Awalnya kami mengingatkan untuk tenang secara pelan-pelan tapi rupanya keriuhan
dan keramaian petang itu sudah tak bisa dibendung. Banyak anak-anak berlari keluar
masuk masjid, teriakan, tertawaan dll yang membuat kondisi tak kondusif memang.
“ini apa?”
“ba”
Ini?
“te”
“ta” bukan te.
Terdengar
suara mengajar, anak-anak berkerumun di sekitar kami sambil membawa iqro.

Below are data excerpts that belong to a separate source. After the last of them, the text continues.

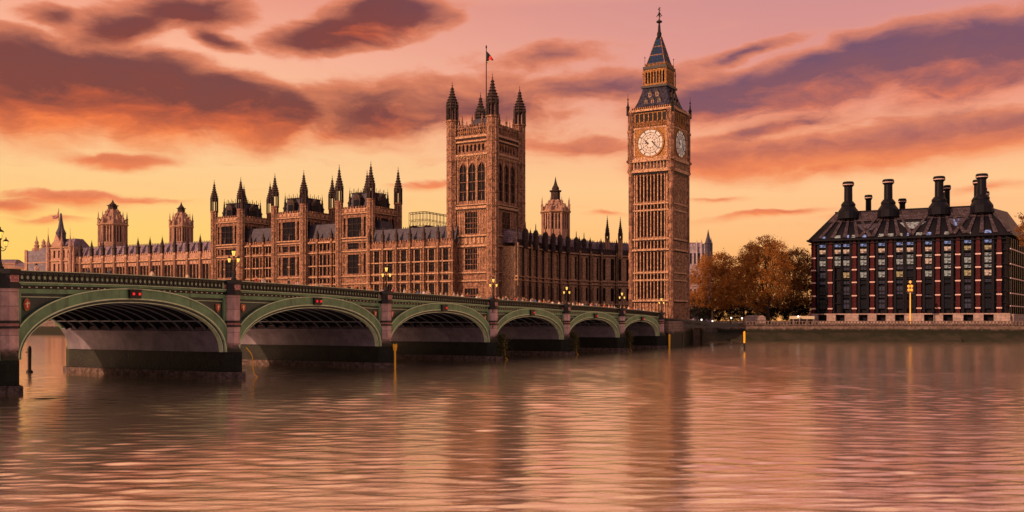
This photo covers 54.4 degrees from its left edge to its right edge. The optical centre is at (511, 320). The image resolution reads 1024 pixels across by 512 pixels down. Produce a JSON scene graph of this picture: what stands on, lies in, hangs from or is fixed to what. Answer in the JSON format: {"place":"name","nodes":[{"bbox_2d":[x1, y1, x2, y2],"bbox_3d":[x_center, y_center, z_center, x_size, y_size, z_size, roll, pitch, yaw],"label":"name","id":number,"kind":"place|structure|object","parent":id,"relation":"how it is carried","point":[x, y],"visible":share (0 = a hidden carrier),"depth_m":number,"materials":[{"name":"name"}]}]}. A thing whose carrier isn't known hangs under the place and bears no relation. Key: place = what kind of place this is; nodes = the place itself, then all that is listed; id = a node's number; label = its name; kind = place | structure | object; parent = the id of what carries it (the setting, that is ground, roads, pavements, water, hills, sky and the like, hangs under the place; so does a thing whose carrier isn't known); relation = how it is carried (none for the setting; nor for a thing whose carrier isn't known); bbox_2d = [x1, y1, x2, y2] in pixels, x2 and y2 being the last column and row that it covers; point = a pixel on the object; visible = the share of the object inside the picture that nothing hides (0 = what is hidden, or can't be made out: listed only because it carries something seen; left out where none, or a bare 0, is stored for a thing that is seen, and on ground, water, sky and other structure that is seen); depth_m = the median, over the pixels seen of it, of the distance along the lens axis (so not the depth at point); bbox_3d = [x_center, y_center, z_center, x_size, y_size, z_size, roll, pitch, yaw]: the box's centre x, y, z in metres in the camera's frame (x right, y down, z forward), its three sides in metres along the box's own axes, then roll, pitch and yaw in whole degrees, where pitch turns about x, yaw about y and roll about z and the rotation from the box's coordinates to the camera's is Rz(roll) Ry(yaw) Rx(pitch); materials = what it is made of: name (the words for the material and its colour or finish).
{"place":"outdoors","nodes":[
{"label":"outdoors","id":0,"kind":"place"},
{"bbox_2d":[97,200,128,246],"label":"lantern tower","id":1,"kind":"structure","parent":0,"point":[112,224],"depth_m":540.73,"materials":[{"name":"brown stone"}]},
{"bbox_2d":[0,334,1023,511],"bbox_3d":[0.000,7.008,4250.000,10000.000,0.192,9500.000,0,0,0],"label":"river water","id":2,"kind":"structure","parent":0,"point":[784,426],"depth_m":61.72,"materials":[{"name":"brown liquid"}]},
{"bbox_2d":[25,346,32,372],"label":"marker post","id":3,"kind":"object","parent":2,"relation":"in","point":[29,353],"visible":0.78,"depth_m":133.82,"materials":[{"name":"black metal"}]},
{"bbox_2d":[0,269,707,393],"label":"arch bridge","id":4,"kind":"structure","parent":2,"relation":"in","point":[127,324],"depth_m":133.63,"materials":[{"name":"green paint"}]},
{"bbox_2d":[0,227,8,268],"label":"street lamp","id":5,"kind":"object","parent":4,"relation":"on","point":[6,241],"visible":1,"depth_m":95.38,"materials":[{"name":"black metal"}]},
{"bbox_2d":[227,247,240,279],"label":"street lamp","id":6,"kind":"object","parent":4,"relation":"on","point":[233,250],"visible":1,"depth_m":121.53,"materials":[{"name":"black metal"}]},
{"bbox_2d":[381,264,391,290],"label":"street lamp","id":7,"kind":"object","parent":4,"relation":"on","point":[386,267],"visible":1,"depth_m":148.85,"materials":[{"name":"black metal"}]},
{"bbox_2d":[489,276,497,298],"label":"street lamp","id":8,"kind":"object","parent":4,"relation":"on","point":[496,284],"visible":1,"depth_m":176.68,"materials":[{"name":"black metal"}]},
{"bbox_2d":[493,334,511,356],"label":"pier shrub","id":9,"kind":"object","parent":4,"relation":"attached to","point":[501,339],"visible":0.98,"depth_m":176.29,"materials":[{"name":"green plant"}]},
{"bbox_2d":[563,285,570,303],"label":"street lamp","id":10,"kind":"object","parent":4,"relation":"on","point":[569,291],"visible":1,"depth_m":202.64,"materials":[{"name":"black metal"}]},
{"bbox_2d":[567,332,580,351],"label":"pier shrub","id":11,"kind":"object","parent":4,"relation":"attached to","point":[574,338],"visible":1,"depth_m":202.23,"materials":[{"name":"green plant"}]},
{"bbox_2d":[621,331,635,348],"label":"pier shrub","id":12,"kind":"object","parent":4,"relation":"attached to","point":[628,336],"visible":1,"depth_m":227.47,"materials":[{"name":"green plant"}]},
{"bbox_2d":[393,344,396,368],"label":"marker post","id":13,"kind":"object","parent":2,"relation":"in","point":[394,347],"visible":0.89,"depth_m":145.89,"materials":[{"name":"yellow metal"}]},
{"bbox_2d":[0,0,1023,320],"label":"sky","id":14,"kind":"structure","parent":0,"point":[142,106],"materials":[{"name":"orange"}]},
{"bbox_2d":[540,176,570,238],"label":"lantern tower","id":15,"kind":"structure","parent":0,"point":[555,211],"depth_m":485.23,"materials":[{"name":"brown stone"}]},
{"bbox_2d":[664,318,738,327],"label":"road","id":16,"kind":"structure","parent":0,"point":[711,324],"depth_m":281.63,"materials":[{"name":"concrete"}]},
{"bbox_2d":[664,321,1023,332],"bbox_3d":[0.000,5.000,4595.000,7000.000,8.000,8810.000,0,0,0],"label":"ground","id":17,"kind":"structure","parent":0,"point":[709,330],"depth_m":362.09,"materials":[{"name":"grey concrete"}]},
{"bbox_2d":[1,259,22,268],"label":"distant building","id":18,"kind":"structure","parent":17,"relation":"on","point":[8,263],"depth_m":640.38,"materials":[{"name":"grey stone"}]},
{"bbox_2d":[12,263,23,269],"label":"distant building","id":19,"kind":"structure","parent":17,"relation":"on","point":[20,266],"depth_m":620.00,"materials":[{"name":"brown stone"}]},
{"bbox_2d":[24,236,45,270],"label":"plain block","id":20,"kind":"structure","parent":17,"relation":"on","point":[35,255],"depth_m":558.39,"materials":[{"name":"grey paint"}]},
{"bbox_2d":[32,321,63,334],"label":"river wall","id":21,"kind":"structure","parent":17,"relation":"on","point":[49,328],"depth_m":504.31,"materials":[{"name":"stone"}]},
{"bbox_2d":[46,213,89,320],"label":"tower","id":22,"kind":"structure","parent":17,"relation":"on","point":[61,251],"depth_m":525.03,"materials":[{"name":"stone"}]},
{"bbox_2d":[75,234,210,278],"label":"palace wing","id":23,"kind":"structure","parent":17,"relation":"on","point":[181,259],"depth_m":495.79,"materials":[{"name":"beige stone"}]},
{"bbox_2d":[169,202,193,243],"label":"lantern tower","id":24,"kind":"structure","parent":23,"relation":"on","point":[181,225],"depth_m":526.75,"materials":[{"name":"brown stone"}]},
{"bbox_2d":[210,180,271,280],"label":"turreted pavilion","id":25,"kind":"structure","parent":17,"relation":"on","point":[237,220],"depth_m":471.56,"materials":[{"name":"brown stone"}]},
{"bbox_2d":[222,260,232,277],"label":"window","id":26,"kind":"structure","parent":25,"relation":"in","point":[229,268],"depth_m":470.14,"materials":[{"name":"black glass"}]},
{"bbox_2d":[222,226,232,243],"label":"window","id":27,"kind":"structure","parent":25,"relation":"in","point":[227,231],"depth_m":470.49,"materials":[{"name":"black glass"}]},
{"bbox_2d":[271,173,334,284],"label":"turreted pavilion","id":28,"kind":"structure","parent":17,"relation":"on","point":[296,217],"depth_m":451.07,"materials":[{"name":"brown stone"}]},
{"bbox_2d":[283,257,294,275],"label":"window","id":29,"kind":"structure","parent":28,"relation":"in","point":[292,259],"depth_m":449.82,"materials":[{"name":"black glass"}]},
{"bbox_2d":[283,246,294,251],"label":"window","id":30,"kind":"structure","parent":28,"relation":"in","point":[292,248],"depth_m":449.82,"materials":[{"name":"black glass"}]},
{"bbox_2d":[283,222,294,240],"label":"window","id":31,"kind":"structure","parent":28,"relation":"in","point":[288,227],"depth_m":450.48,"materials":[{"name":"black glass"}]},
{"bbox_2d":[223,221,392,288],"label":"palace wing","id":32,"kind":"structure","parent":17,"relation":"on","point":[321,253],"depth_m":445.03,"materials":[{"name":"beige stone"}]},
{"bbox_2d":[310,255,312,275],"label":"window","id":33,"kind":"structure","parent":32,"relation":"in","point":[311,256],"depth_m":444.58,"materials":[{"name":"black glass"}]},
{"bbox_2d":[324,255,326,275],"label":"window","id":34,"kind":"structure","parent":32,"relation":"in","point":[325,256],"depth_m":440.26,"materials":[{"name":"black glass"}]},
{"bbox_2d":[335,164,402,289],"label":"turreted pavilion","id":35,"kind":"structure","parent":17,"relation":"on","point":[367,208],"depth_m":431.82,"materials":[{"name":"brown stone"}]},
{"bbox_2d":[348,254,361,273],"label":"window","id":36,"kind":"structure","parent":35,"relation":"in","point":[353,260],"depth_m":430.69,"materials":[{"name":"black glass"}]},
{"bbox_2d":[348,243,361,248],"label":"window","id":37,"kind":"structure","parent":35,"relation":"in","point":[350,245],"depth_m":430.80,"materials":[{"name":"black glass"}]},
{"bbox_2d":[348,217,361,236],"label":"window","id":38,"kind":"structure","parent":35,"relation":"in","point":[354,224],"depth_m":430.69,"materials":[{"name":"black glass"}]},
{"bbox_2d":[367,222,457,295],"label":"palace wing","id":39,"kind":"structure","parent":17,"relation":"on","point":[425,258],"depth_m":409.97,"materials":[{"name":"beige stone"}]},
{"bbox_2d":[375,252,378,272],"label":"window","id":40,"kind":"structure","parent":39,"relation":"in","point":[376,253],"depth_m":420.46,"materials":[{"name":"black glass"}]},
{"bbox_2d":[388,251,392,272],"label":"window","id":41,"kind":"structure","parent":39,"relation":"in","point":[390,253],"depth_m":416.83,"materials":[{"name":"black glass"}]},
{"bbox_2d":[402,250,405,272],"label":"window","id":42,"kind":"structure","parent":39,"relation":"in","point":[403,251],"depth_m":413.18,"materials":[{"name":"black glass"}]},
{"bbox_2d":[415,250,419,271],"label":"window","id":43,"kind":"structure","parent":39,"relation":"in","point":[417,252],"depth_m":409.67,"materials":[{"name":"black glass"}]},
{"bbox_2d":[409,211,445,227],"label":"scaffold","id":44,"kind":"object","parent":39,"relation":"on","point":[428,220],"visible":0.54,"depth_m":454.98,"materials":[{"name":"grey metal"}]},
{"bbox_2d":[429,283,433,293],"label":"window","id":45,"kind":"structure","parent":39,"relation":"in","point":[431,286],"depth_m":405.98,"materials":[{"name":"black glass"}]},
{"bbox_2d":[429,249,433,271],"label":"window","id":46,"kind":"structure","parent":39,"relation":"in","point":[431,251],"depth_m":405.98,"materials":[{"name":"black glass"}]},
{"bbox_2d":[443,248,448,270],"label":"window","id":47,"kind":"structure","parent":39,"relation":"in","point":[446,251],"depth_m":402.23,"materials":[{"name":"black glass"}]},
{"bbox_2d":[444,283,448,295],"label":"window","id":48,"kind":"structure","parent":39,"relation":"in","point":[446,285],"depth_m":402.23,"materials":[{"name":"black glass"}]},
{"bbox_2d":[446,45,525,299],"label":"square tower","id":49,"kind":"structure","parent":17,"relation":"on","point":[485,180],"depth_m":400.80,"materials":[{"name":"brown stone"}]},
{"bbox_2d":[459,163,465,201],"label":"window","id":50,"kind":"structure","parent":49,"relation":"in","point":[462,167],"depth_m":402.33,"materials":[{"name":"black glass"}]},
{"bbox_2d":[465,248,476,269],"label":"window","id":51,"kind":"structure","parent":49,"relation":"in","point":[470,254],"depth_m":400.27,"materials":[{"name":"black glass"}]},
{"bbox_2d":[465,212,476,233],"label":"window","id":52,"kind":"structure","parent":49,"relation":"in","point":[471,217],"depth_m":400.27,"materials":[{"name":"black glass"}]},
{"bbox_2d":[465,288,477,297],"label":"window","id":53,"kind":"structure","parent":49,"relation":"in","point":[472,292],"depth_m":400.08,"materials":[{"name":"black glass"}]},
{"bbox_2d":[469,162,475,200],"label":"window","id":54,"kind":"structure","parent":49,"relation":"in","point":[472,166],"depth_m":399.88,"materials":[{"name":"black glass"}]},
{"bbox_2d":[478,162,484,199],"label":"window","id":55,"kind":"structure","parent":49,"relation":"in","point":[481,165],"depth_m":397.64,"materials":[{"name":"black glass"}]},
{"bbox_2d":[498,162,501,200],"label":"window","id":56,"kind":"structure","parent":49,"relation":"in","point":[499,164],"depth_m":399.59,"materials":[{"name":"black glass"}]},
{"bbox_2d":[502,213,509,229],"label":"window","id":57,"kind":"structure","parent":49,"relation":"in","point":[505,217],"depth_m":404.10,"materials":[{"name":"black glass"}]},
{"bbox_2d":[504,164,508,201],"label":"window","id":58,"kind":"structure","parent":49,"relation":"in","point":[506,167],"depth_m":404.30,"materials":[{"name":"black glass"}]},
{"bbox_2d":[510,165,514,202],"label":"window","id":59,"kind":"structure","parent":49,"relation":"in","point":[512,168],"depth_m":408.47,"materials":[{"name":"black glass"}]},
{"bbox_2d":[501,216,628,308],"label":"palace wing","id":60,"kind":"structure","parent":17,"relation":"on","point":[537,265],"depth_m":438.35,"materials":[{"name":"brown stone"}]},
{"bbox_2d":[575,257,576,278],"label":"window","id":61,"kind":"structure","parent":60,"relation":"in","point":[575,257],"depth_m":445.83,"materials":[{"name":"black glass"}]},
{"bbox_2d":[586,258,587,279],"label":"window","id":62,"kind":"structure","parent":60,"relation":"in","point":[586,258],"depth_m":451.47,"materials":[{"name":"black glass"}]},
{"bbox_2d":[611,259,613,280],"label":"window","id":63,"kind":"structure","parent":60,"relation":"in","point":[612,260],"depth_m":461.72,"materials":[{"name":"black glass"}]},
{"bbox_2d":[618,259,620,280],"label":"window","id":64,"kind":"structure","parent":60,"relation":"in","point":[619,260],"depth_m":463.53,"materials":[{"name":"black glass"}]},
{"bbox_2d":[626,260,628,280],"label":"window","id":65,"kind":"structure","parent":60,"relation":"in","point":[627,261],"depth_m":465.57,"materials":[{"name":"black glass"}]},
{"bbox_2d":[626,7,691,319],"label":"clock tower","id":66,"kind":"structure","parent":17,"relation":"on","point":[658,162],"depth_m":332.72,"materials":[{"name":"brown stone"}]},
{"bbox_2d":[645,213,646,236],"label":"window","id":67,"kind":"structure","parent":66,"relation":"in","point":[645,213],"depth_m":333.18,"materials":[{"name":"black glass"}]},
{"bbox_2d":[645,176,646,201],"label":"window","id":68,"kind":"structure","parent":66,"relation":"in","point":[645,176],"depth_m":333.18,"materials":[{"name":"black glass"}]},
{"bbox_2d":[652,212,653,236],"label":"window","id":69,"kind":"structure","parent":66,"relation":"in","point":[652,212],"depth_m":331.76,"materials":[{"name":"black glass"}]},
{"bbox_2d":[652,176,653,200],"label":"window","id":70,"kind":"structure","parent":66,"relation":"in","point":[652,176],"depth_m":331.76,"materials":[{"name":"black glass"}]},
{"bbox_2d":[659,212,660,235],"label":"window","id":71,"kind":"structure","parent":66,"relation":"in","point":[659,212],"depth_m":330.58,"materials":[{"name":"black glass"}]},
{"bbox_2d":[659,175,660,200],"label":"window","id":72,"kind":"structure","parent":66,"relation":"in","point":[659,175],"depth_m":330.58,"materials":[{"name":"black glass"}]},
{"bbox_2d":[665,321,709,347],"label":"river stairs","id":73,"kind":"structure","parent":17,"relation":"on","point":[680,336],"depth_m":263.20,"materials":[{"name":"stone"}]},
{"bbox_2d":[690,231,712,321],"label":"abbey","id":74,"kind":"structure","parent":17,"relation":"on","point":[697,249],"depth_m":559.70,"materials":[{"name":"stone"}]},
{"bbox_2d":[690,296,723,320],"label":"shrub","id":75,"kind":"object","parent":17,"relation":"on","point":[702,313],"visible":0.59,"depth_m":382.58,"materials":[{"name":"green plant"}]},
{"bbox_2d":[690,248,741,321],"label":"plane tree","id":76,"kind":"object","parent":17,"relation":"on","point":[717,270],"visible":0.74,"depth_m":369.70,"materials":[{"name":"brown plant"}]},
{"bbox_2d":[710,296,750,322],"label":"shrub","id":77,"kind":"object","parent":17,"relation":"on","point":[737,314],"visible":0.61,"depth_m":383.14,"materials":[{"name":"green plant"}]},
{"bbox_2d":[724,265,762,316],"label":"plane tree","id":78,"kind":"object","parent":17,"relation":"on","point":[744,293],"visible":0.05,"depth_m":391.63,"materials":[{"name":"brown plant"}]},
{"bbox_2d":[710,234,796,323],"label":"plane tree","id":79,"kind":"object","parent":17,"relation":"on","point":[749,260],"visible":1,"depth_m":358.81,"materials":[{"name":"brown plant"}]},
{"bbox_2d":[743,308,765,323],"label":"kiosk","id":80,"kind":"object","parent":17,"relation":"on","point":[753,318],"visible":0.9,"depth_m":353.00,"materials":[{"name":"stone"}]},
{"bbox_2d":[746,298,788,320],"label":"shrub","id":81,"kind":"object","parent":17,"relation":"on","point":[774,310],"visible":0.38,"depth_m":382.55,"materials":[{"name":"green plant"}]},
{"bbox_2d":[771,247,810,315],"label":"plane tree","id":82,"kind":"object","parent":17,"relation":"on","point":[801,274],"visible":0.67,"depth_m":375.79,"materials":[{"name":"brown plant"}]},
{"bbox_2d":[779,295,810,321],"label":"shrub","id":83,"kind":"object","parent":17,"relation":"on","point":[799,310],"visible":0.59,"depth_m":382.87,"materials":[{"name":"green plant"}]},
{"bbox_2d":[789,310,814,323],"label":"pier shelter","id":84,"kind":"object","parent":17,"relation":"on","point":[810,318],"visible":0.75,"depth_m":350.60,"materials":[{"name":"beige paint"}]},
{"bbox_2d":[718,321,1023,340],"bbox_3d":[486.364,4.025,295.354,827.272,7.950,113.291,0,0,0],"label":"river wall","id":85,"kind":"structure","parent":17,"relation":"on","point":[948,327],"depth_m":339.94,"materials":[{"name":"stone"}]},
{"bbox_2d":[907,281,913,323],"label":"lamp column","id":86,"kind":"structure","parent":17,"relation":"on","point":[910,290],"depth_m":342.80,"materials":[{"name":"gold metal"}]},
{"bbox_2d":[806,173,1023,323],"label":"office building","id":87,"kind":"structure","parent":17,"relation":"on","point":[955,263],"depth_m":358.78,"materials":[{"name":"brown metal"}]},
{"bbox_2d":[843,300,848,308],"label":"window","id":88,"kind":"structure","parent":87,"relation":"in","point":[845,306],"depth_m":367.76,"materials":[{"name":"black glass"}]},
{"bbox_2d":[860,286,865,294],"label":"window","id":89,"kind":"structure","parent":87,"relation":"in","point":[862,288],"depth_m":364.90,"materials":[{"name":"black glass"}]},
{"bbox_2d":[860,300,865,308],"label":"window","id":90,"kind":"structure","parent":87,"relation":"in","point":[862,306],"depth_m":364.90,"materials":[{"name":"black glass"}]},
{"bbox_2d":[878,271,884,277],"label":"window","id":91,"kind":"structure","parent":87,"relation":"in","point":[881,273],"depth_m":362.06,"materials":[{"name":"black"}]},
{"bbox_2d":[878,286,884,294],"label":"window","id":92,"kind":"structure","parent":87,"relation":"in","point":[881,288],"depth_m":362.06,"materials":[{"name":"black glass"}]},
{"bbox_2d":[878,299,884,308],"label":"window","id":93,"kind":"structure","parent":87,"relation":"in","point":[881,306],"depth_m":362.06,"materials":[{"name":"black glass"}]},
{"bbox_2d":[896,286,902,293],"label":"window","id":94,"kind":"structure","parent":87,"relation":"in","point":[898,288],"depth_m":359.33,"materials":[{"name":"black glass"}]},
{"bbox_2d":[896,299,902,308],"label":"window","id":95,"kind":"structure","parent":87,"relation":"in","point":[898,306],"depth_m":359.33,"materials":[{"name":"black glass"}]},
{"bbox_2d":[907,299,912,308],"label":"window","id":96,"kind":"structure","parent":87,"relation":"in","point":[908,300],"depth_m":358.01,"materials":[{"name":"black glass"}]},
{"bbox_2d":[925,270,931,276],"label":"window","id":97,"kind":"structure","parent":87,"relation":"in","point":[928,273],"depth_m":355.06,"materials":[{"name":"black glass"}]},
{"bbox_2d":[925,285,931,293],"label":"window","id":98,"kind":"structure","parent":87,"relation":"in","point":[927,287],"depth_m":355.06,"materials":[{"name":"black glass"}]},
{"bbox_2d":[925,299,931,308],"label":"window","id":99,"kind":"structure","parent":87,"relation":"in","point":[928,305],"depth_m":355.06,"materials":[{"name":"black glass"}]},
{"bbox_2d":[944,257,950,263],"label":"window","id":100,"kind":"structure","parent":87,"relation":"in","point":[946,259],"depth_m":352.21,"materials":[{"name":"black"}]},
{"bbox_2d":[944,285,950,293],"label":"window","id":101,"kind":"structure","parent":87,"relation":"in","point":[946,287],"depth_m":352.21,"materials":[{"name":"black glass"}]},
{"bbox_2d":[944,299,950,307],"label":"window","id":102,"kind":"structure","parent":87,"relation":"in","point":[946,305],"depth_m":352.21,"materials":[{"name":"black glass"}]},
{"bbox_2d":[964,269,970,275],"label":"window","id":103,"kind":"structure","parent":87,"relation":"in","point":[966,272],"depth_m":349.38,"materials":[{"name":"yellow"}]},
{"bbox_2d":[964,285,970,293],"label":"window","id":104,"kind":"structure","parent":87,"relation":"in","point":[966,287],"depth_m":349.38,"materials":[{"name":"black glass"}]},
{"bbox_2d":[964,299,970,307],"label":"window","id":105,"kind":"structure","parent":87,"relation":"in","point":[966,305],"depth_m":349.38,"materials":[{"name":"black glass"}]},
{"bbox_2d":[984,269,990,275],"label":"window","id":106,"kind":"structure","parent":87,"relation":"in","point":[987,271],"depth_m":346.49,"materials":[{"name":"beige"}]},
{"bbox_2d":[984,298,990,307],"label":"window","id":107,"kind":"structure","parent":87,"relation":"in","point":[987,305],"depth_m":346.49,"materials":[{"name":"black glass"}]},
{"bbox_2d":[985,284,990,292],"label":"window","id":108,"kind":"structure","parent":87,"relation":"in","point":[987,287],"depth_m":346.49,"materials":[{"name":"black glass"}]},
{"bbox_2d":[1012,212,1023,245],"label":"bare tree","id":109,"kind":"object","parent":17,"relation":"on","point":[1021,237],"visible":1,"depth_m":300.33,"materials":[{"name":"orange plant"}]},
{"bbox_2d":[707,332,1023,341],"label":"foreshore","id":110,"kind":"structure","parent":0,"point":[898,337],"depth_m":337.60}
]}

Memang kebanyakan anak masih i`qro 1,2, dan 3. Jarang anak yang sudah bisa
membaca al-Qur’an kecuali anaknya Bapak Samir yang memang terkenal
pintar-pintar. Anak-anak ketua RT itu memang cukup mendapatkan pelajaran yang
baik dari orang tuanya, Bapaknya juga seorang guru di salahsatu SMA di Sorong.
“kakak.. sa belum”
“o tidak, dia sudah
kakak”
Anak-anak Kokoda tidak
terbiasa mengantri sepertinya, mereka berebut minta diajari terlebih dahulu. Selang
10 menit beberapa anak berlarian lagi.
“heyy... siapa ko punya
nama?, duduk sudah” teriak seorang teman kami
“Paryono Paryono dia pu
nama kakak” jawab Faryal.
“Paryono, Jamal, Taufik”
jelas Faryal
Kondisi sudah tidak
kondusif lagi, beberapa dari kami menyuruh duduk tapi tetap banyak yang
berlarian dan keluar masuk masjid.
“heyy.. ko masuk masjid
cuci kaki lagi ya”, kata seorang diantara kami
Anak
Kokoda memang terbiasa tak memakai alas kaki, bahkan ke Masjid pun tanpa alas
atau “nyeker”. Saking banyaknya anak kami kesulitan pula untuk mengatur mereka
agar cuci kaki lagi. Entah mereka cuci kaki lagi ataupun tidak tapi yang jelas
TPA sore itu cukup ramai didatangi anak-anak. Dari awal datang memang
sepertinya rombongan kami sudah ditunggu-tunggu. Ketika itu anak-anak inilah
yang membawakan barang-barang kami sampai Posko sejak kami turun dari Bus STKIP
Muhammadiyah Sorong yang mengantar kami kala itu. mereka juga langsung memeluk
kami satu-satu.bukan main rasa senang kami disambut hangat seperti itu.
Posko KKN-PPM UMY 2017
Kampung Warmon Kokoda, Distrik Mayamuk, Kab, Sorong
Unit: Papua
|
Pengajaran
itu ditutup dengan doa khotmil qur’an
“Allahummarhamnaa
bil Qur-an, waj’al hulaana imaama wahuda warahmah.. Allahummadzakirnaa minhu
maa nasiina wa ‘alimnaa minhu maa jahilna.. warzuqnaa tilaaahdahu inna allaili
wa atroo fannahar aj ‘al hulana khujatan yaa rabbal ‘alamiin..”
dan beberapa tepuk anak
sholeh serta lagu ngaji anak-anak yang cukup membuat mereka tenang dan
berkumpul melingkar. Sampai adzan Isya dikumandangkan, dan dilanjutkan shalat
Isya’ berjamaah. Mengajar di Kokoda sore itu cukup melelahkan memang, banyak
pelajaran yang saya dan teman-teman dapatkan bahwa mengajar di Kokoda itu tak
hanya sebatas belajar dan mengajarkan. Tetapi tentang keikhlasan setiap
tindakan dalam membangun insan mulia.